Yale Engineer Leverages Cutting-Edge Technology for Fibrosis Detection


Associate professor of biomedical engineering Rong Fan has begun a $1.85 million project intended to create a minimally invasive method for the detection and measurement of bone marrow fibrosis, a pathological state wherein the affected organ forms an excess amount of fibrous connective tissue, causing severe clinical symptoms such as systemic inflammation, elevated white cell counts, and enlarged spleen. The method will build on single-cell analysis technology previously developed by Fan.

As part of a consortium of researchers funded by the National Institute of Diabetes and Digestive and Kidney Diseases (NIDDK), the project will contribute to discovering a common mechanism for the development of fibrotic pathology in the bone marrow, kidney, liver, prostate, and urinary tract. Fan’s research, the only project in the consortium to study fibrosis in bone marrow, will closely examine individual cell secretion of cytokines, a broad category of small proteins used for cell signaling — including signals that cause inflammation and wound repair.

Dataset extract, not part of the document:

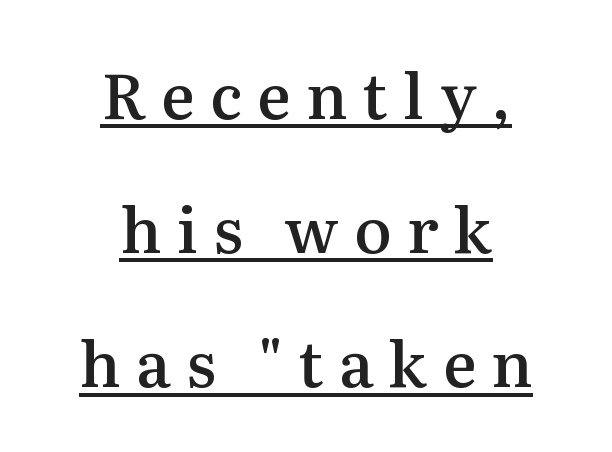
A typesetter would call this proportional, since set widths differ per character. Emphasis by weight is partial: semibold. This rendering widens character spacing well past its baseline value. This rendering features underlined lettering. The space between consecutive lines is lavish. Layout note: lines centered.

“Identifying what cytokines are being produced to mediate the healing process tells you if either the cells are normal and will heal the wound or if the cells have acquired abnormal functions, probably due to mutation, and will generate fibrotic scar tissue,” said Fan. “But as we move beyond just distinguishing ‘normal’ from ‘mutated,’ we hope to discover what cytokines develop as the pathogenesis changes from early chronic inflammation to fibrosis, a knowledge that not only elucidates the cellular mechanism but could also lead to early detection of the pathological changes toward fibrosis.” He also added that the project was additionally benefited by Yale’s history of excellence in non-malignant hematopoiesis research, including work done by Diane Krause of Yale Stem Cell Center.

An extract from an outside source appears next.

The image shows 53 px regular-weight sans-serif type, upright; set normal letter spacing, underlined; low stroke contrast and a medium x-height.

Foundational to the grant, therefore, is Fan’s nanoscale proteomic technology, a microchip platform for highly multiplexed protein measurement in single cells that can be potentially combined with a microfluidic processor to facilitate genomic, epigenetic, and transcriptional profiling at the single-cell level. Using only very small quantities of cells, Fan’s device is capable of highly multiplex detection of more than 40 cytokine secretions at the single-cell level to distinguish minute functional differences in otherwise similar cells.

Fan’s device will be used to analyze human bone marrow from patients identified by co-principal investigator Dr. Ross Levine of the Memorial Sloan-Kettering Cancer Center. The team will perform single-cell cytokine profiling on bone marrow cells including specific subpopulations in order to identify the unique cell types that show the most contrast between normal and abnormal cells with potential to initiate fibrosis. While this project is largely focused on the measurement of bone marrow cells, the technology has the potential to be further developed into a method for using the more-commonly available blood samples to detect and profile abnormal cytokine-secreting cells shed from bone marrow into the blood.

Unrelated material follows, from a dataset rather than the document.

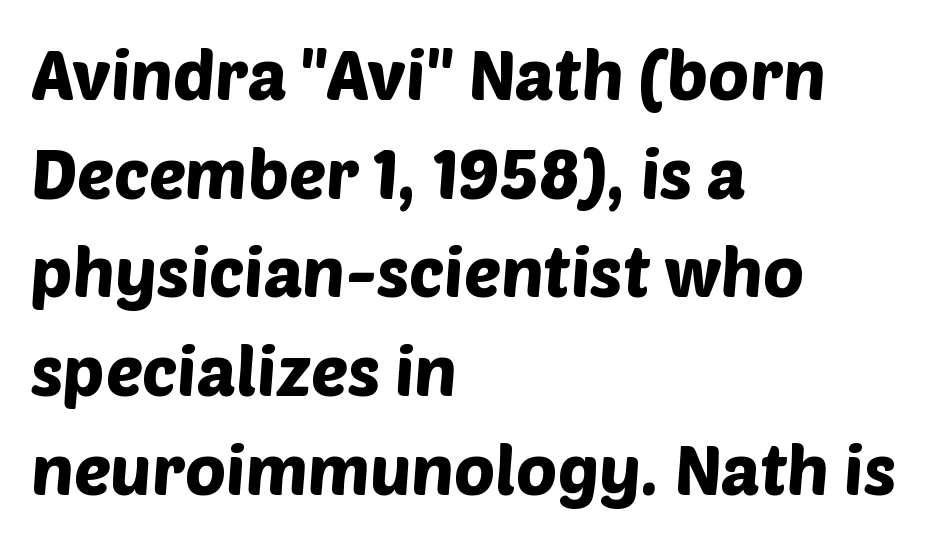
{"serif": "no", "width": "normal", "stroke_contrast": "low", "x_height": "large", "monospaced": "no", "underline": "no", "align": "left", "line_spacing": "normal", "line_spacing_ratio": 1.43, "letter_spacing": "normal", "letter_spacing_em": 0.0, "glyph_px": 69}

“With this device, our first goal is to identify new cellular targets for therapeutic intervention in bone marrow fibrosis,” said Fan. “But because these cytokine functions are a common mechanism in a range of human pathologies, the research is an important step toward creating a generic platform to diagnose other organ fibrosis diseases.”

The NIDDK, the fifth largest Institute at the National Institutes of Health, conducts, supports, and coordinates research on the diseases of internal medicine and related subspecialty fields, as well as many basic science disciplines. Other projects funded by the NIDDK Fibrosis Consortium are from Massachusetts General Hospital, Dana Farber Cancer Institute, and the Mayo Clinic.